L’infanzia a Gaverina, papà Santo e mamma Maria, gli studi a Roma, la psicologia. “La mia fortuna, come prete, è di aver ascoltato tanto, senza giudicare, senza pregiudizi”
“Se sto bene e non mi cacciano, vorrei concludere qui la mia esperienza di prete. Io preferisco la parola ‘prete’, ‘presbitero’, a quella di ‘sacerdote’. ‘Presbitero’ deriva dal greco ‘presbyteros’, che significa ‘più anziano’. Ma io preferisco essere definito ‘vecchio’ che ‘anziano’. Mi piace l’idea del vecchio saggio che sa dell’uomo e sa sempre un po’ più di Dio. E’ questo il ruolo che mi vorrei ritagliare”.

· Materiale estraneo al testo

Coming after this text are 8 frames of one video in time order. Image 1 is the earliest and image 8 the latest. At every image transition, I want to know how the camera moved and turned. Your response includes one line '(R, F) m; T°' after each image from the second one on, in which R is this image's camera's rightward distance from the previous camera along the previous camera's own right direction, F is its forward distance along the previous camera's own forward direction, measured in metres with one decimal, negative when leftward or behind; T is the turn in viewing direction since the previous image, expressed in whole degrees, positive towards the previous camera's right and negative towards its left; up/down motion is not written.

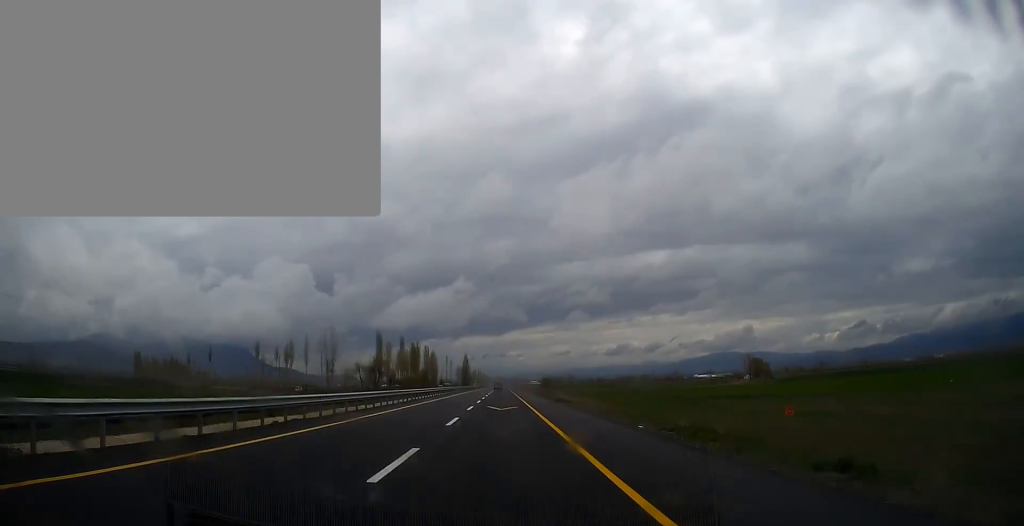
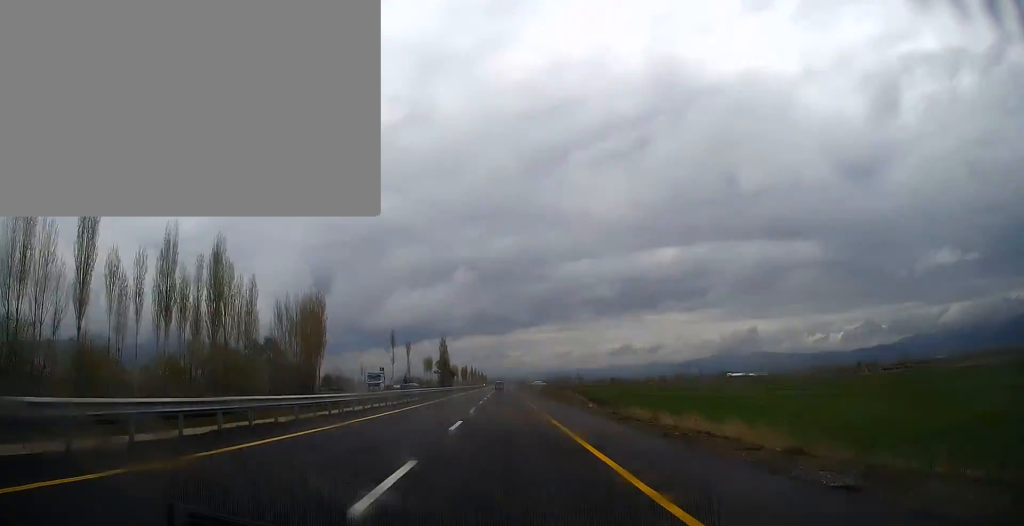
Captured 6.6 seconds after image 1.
(+0.2, +192.0) m; 0°
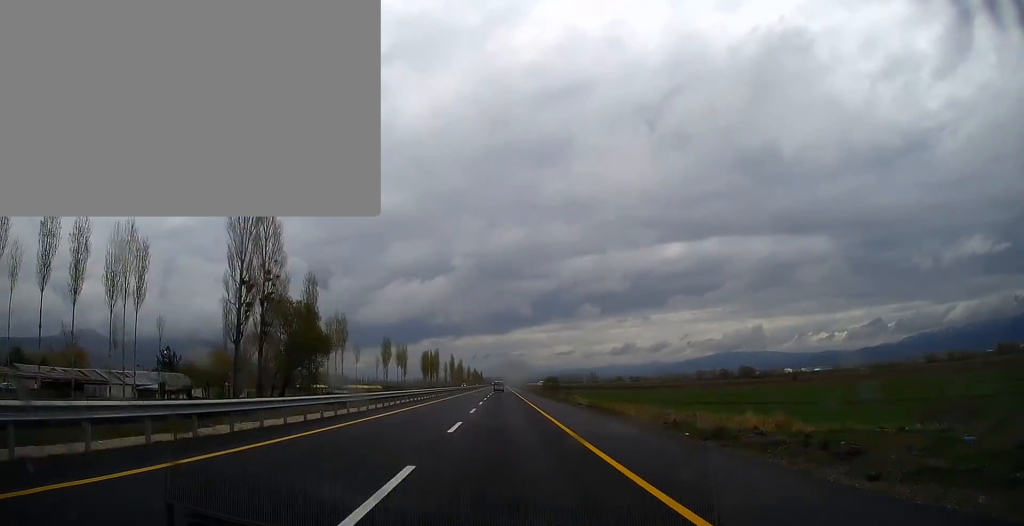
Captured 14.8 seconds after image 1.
(-0.5, +237.8) m; 0°
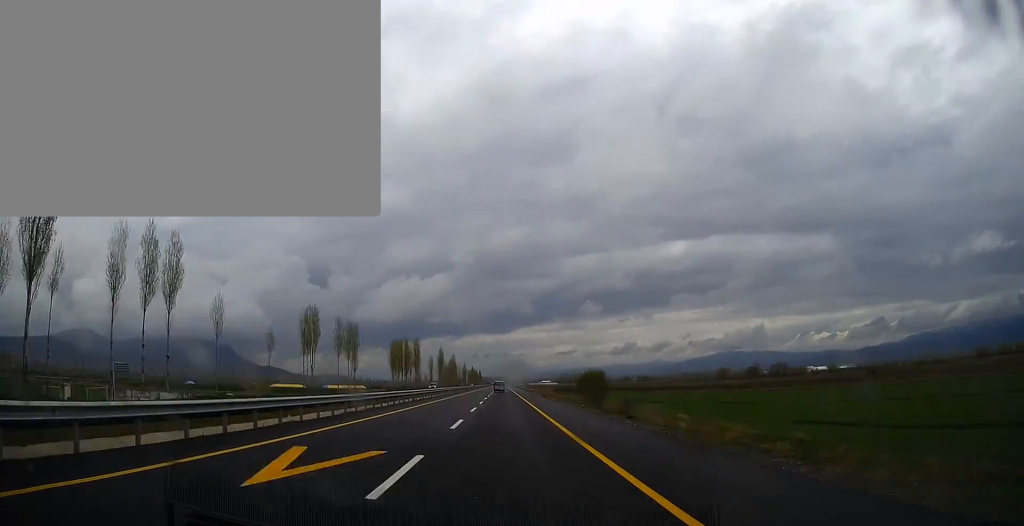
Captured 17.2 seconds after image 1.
(-0.1, +69.3) m; 0°
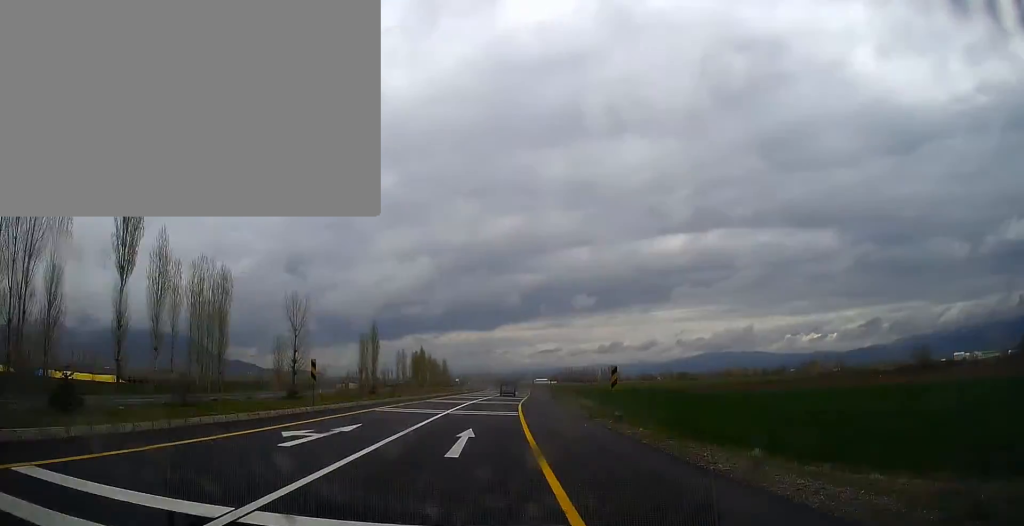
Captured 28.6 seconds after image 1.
(+1.8, +326.6) m; 0°
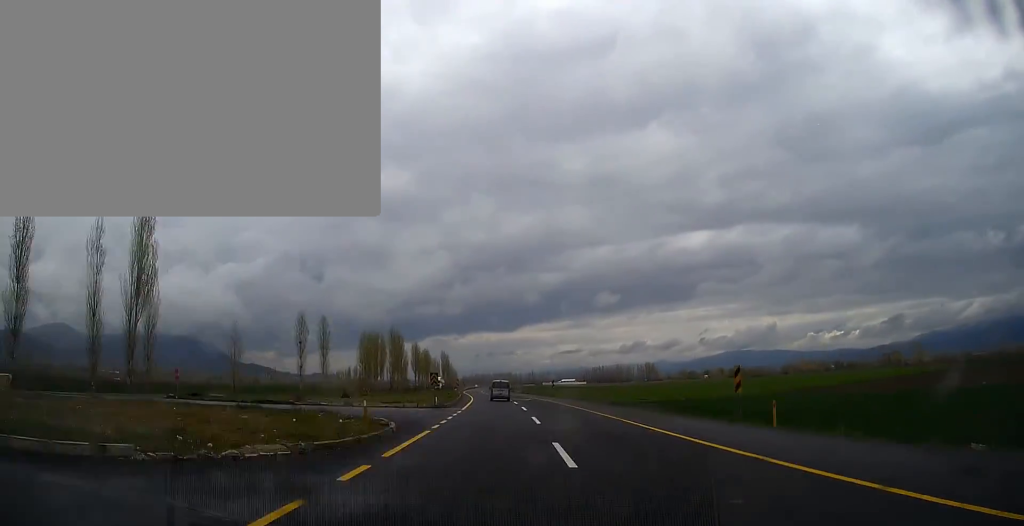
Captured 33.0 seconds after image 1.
(+0.4, +124.2) m; -1°
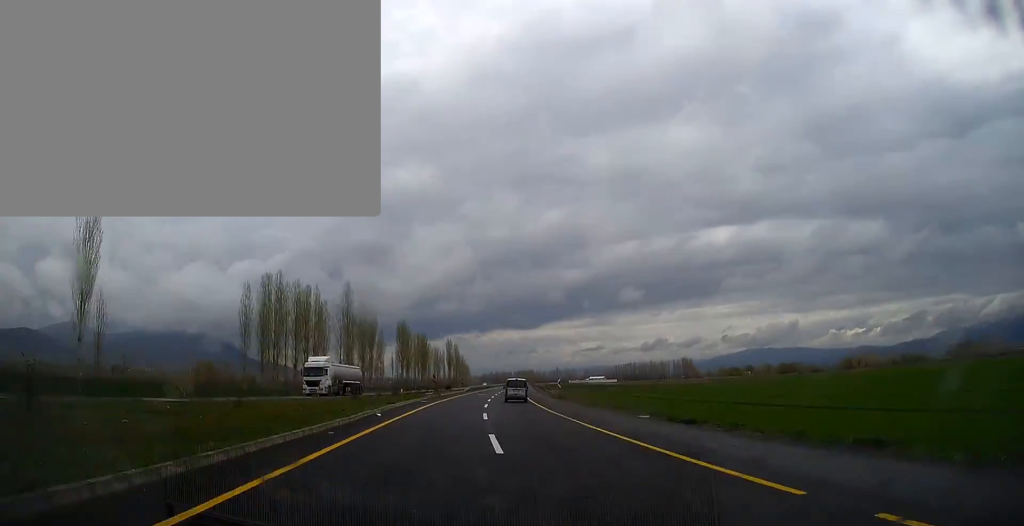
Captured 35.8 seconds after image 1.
(-1.5, +77.7) m; 0°
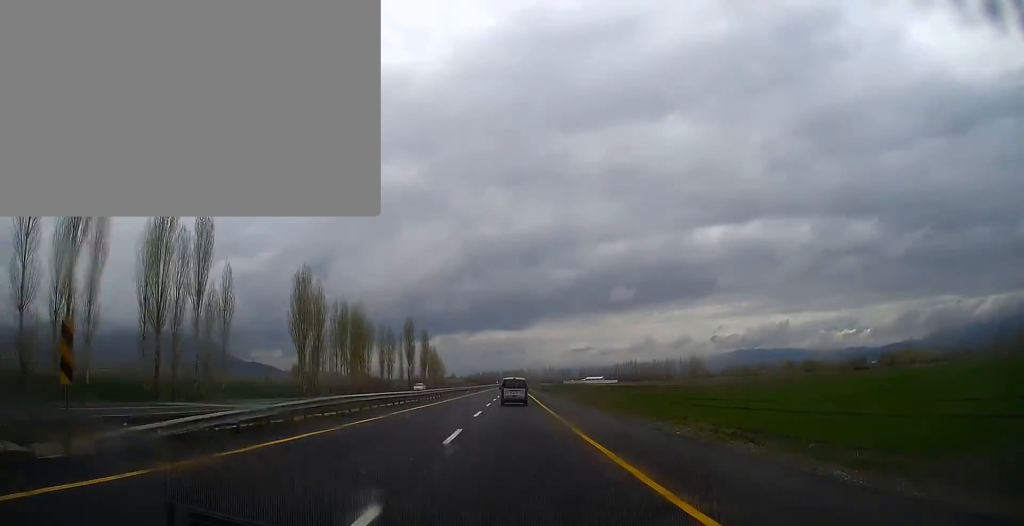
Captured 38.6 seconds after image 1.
(-0.7, +77.3) m; 0°

Don Giuseppe Belotti sorride. Seduto sulla poltrona, nella sua abitazione di Viana, il settantaquatrenne “prete psicologo” ripensa al suo mezzo secolo di vita sacerdotale. Avvolge quindi i nastri della memoria e torna ai tempi della sua infanzia. Gaverina, piccolo borgo della Val Cavallina, al di là del Colle Gallo. Nasce il 5 aprile 1945, 20 giorni prima della fine della guerra, in una famiglia numerosa.
“Eravamo in 10: papà, mamma e 8 figli… adesso siamo rimasti in 7. Il papà, Santo, aveva fatto solo la prima elementare, era un manovale, lavorava in Svizzera e tornava a Gaverina in inverno. La mamma, Maria, si occupava di noi figli e della terra…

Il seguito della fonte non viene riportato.